◆ Work task ◆
An exact copy of every record is needed, with the pictures left out.

◆ Collected data ◆
________________________________________

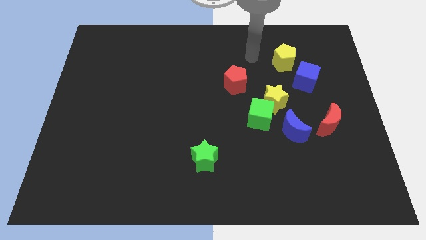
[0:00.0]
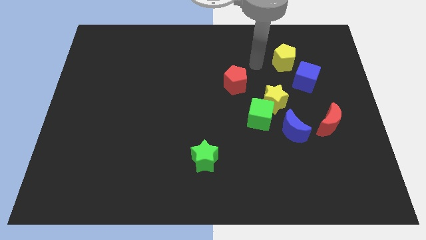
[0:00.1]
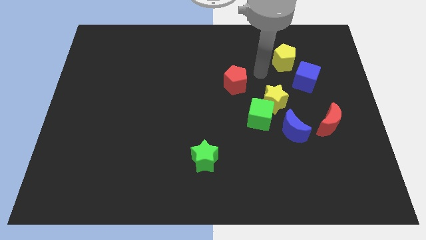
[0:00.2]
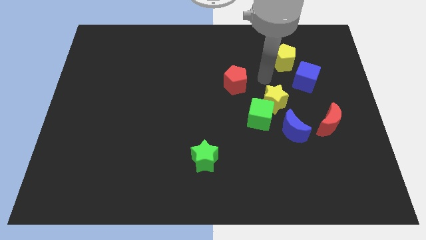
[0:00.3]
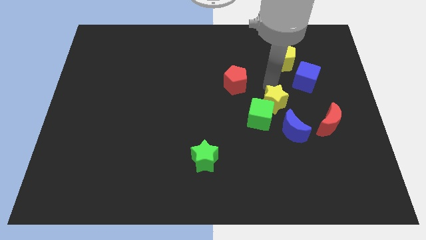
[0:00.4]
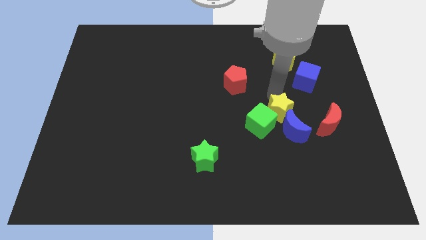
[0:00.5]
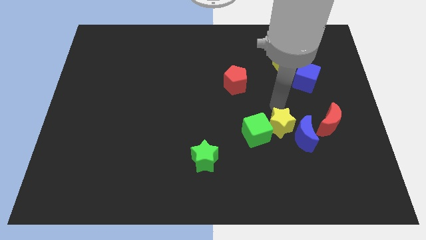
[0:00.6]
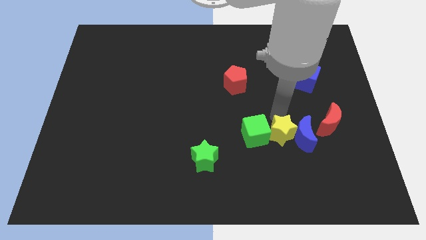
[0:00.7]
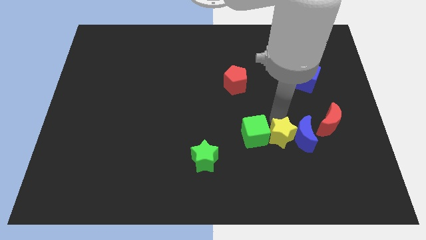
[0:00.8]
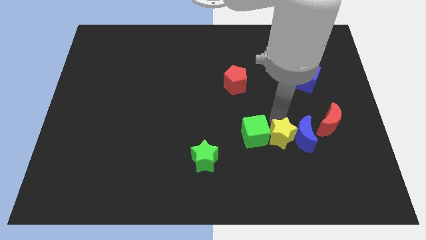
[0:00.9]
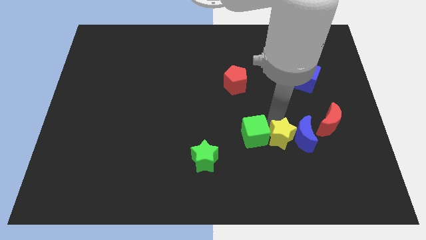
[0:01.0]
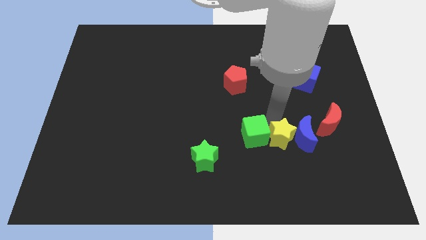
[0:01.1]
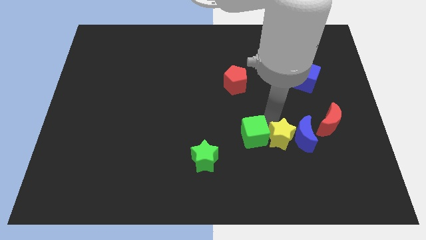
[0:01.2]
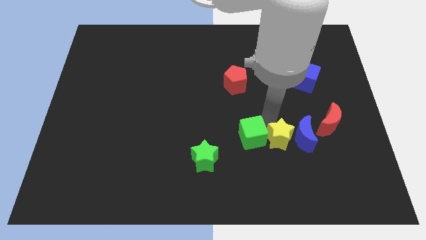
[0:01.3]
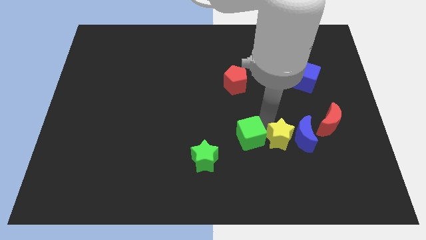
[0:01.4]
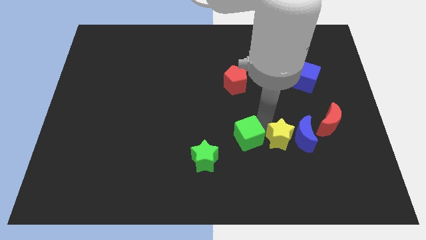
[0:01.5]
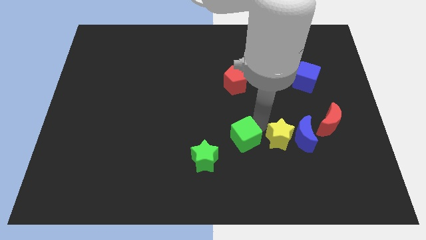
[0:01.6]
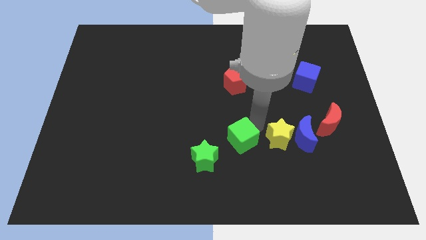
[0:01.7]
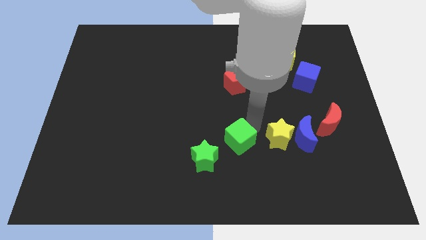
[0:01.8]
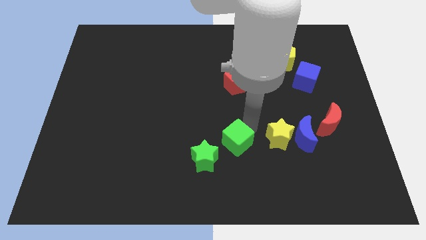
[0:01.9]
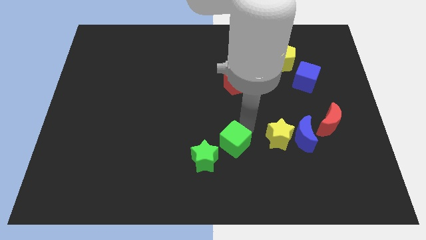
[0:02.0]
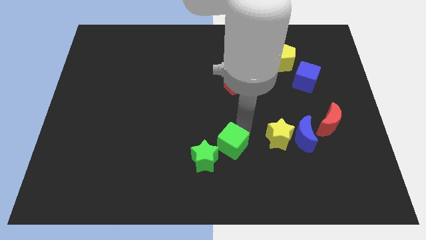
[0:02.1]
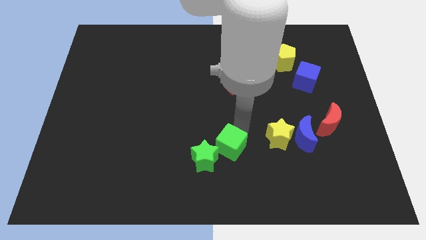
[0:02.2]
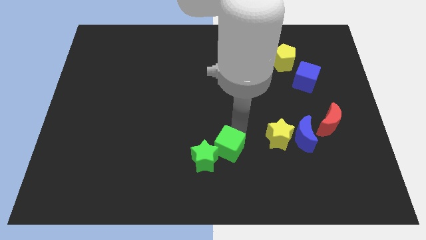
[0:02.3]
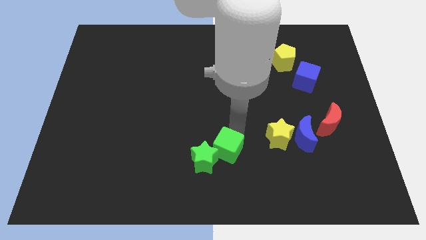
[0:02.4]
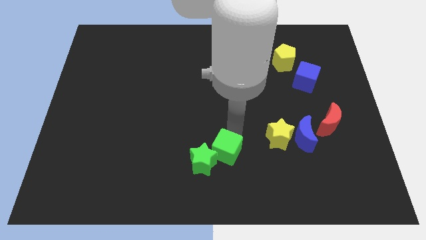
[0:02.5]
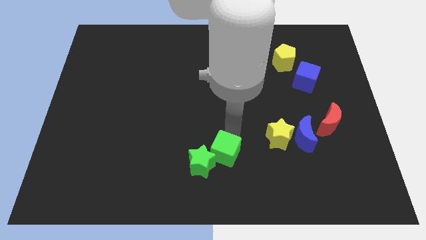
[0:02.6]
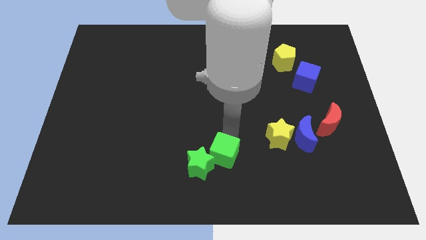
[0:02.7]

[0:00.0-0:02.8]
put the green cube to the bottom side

________________________________________

◆ Exercise response ◆
[0:00.0]
[0:00.1]
[0:00.2]
[0:00.3]
[0:00.4]
[0:00.5]
[0:00.6]
[0:00.7]
[0:00.8]
[0:00.9]
[0:01.0]
[0:01.1]
[0:01.2]
[0:01.3]
[0:01.4]
[0:01.5]
[0:01.6]
[0:01.7]
[0:01.8]
[0:01.9]
[0:02.0]
[0:02.1]
[0:02.2]
[0:02.3]
[0:02.4]
[0:02.5]
[0:02.6]
[0:02.7]

[0:00.0-0:02.8]
put the green cube to the bottom side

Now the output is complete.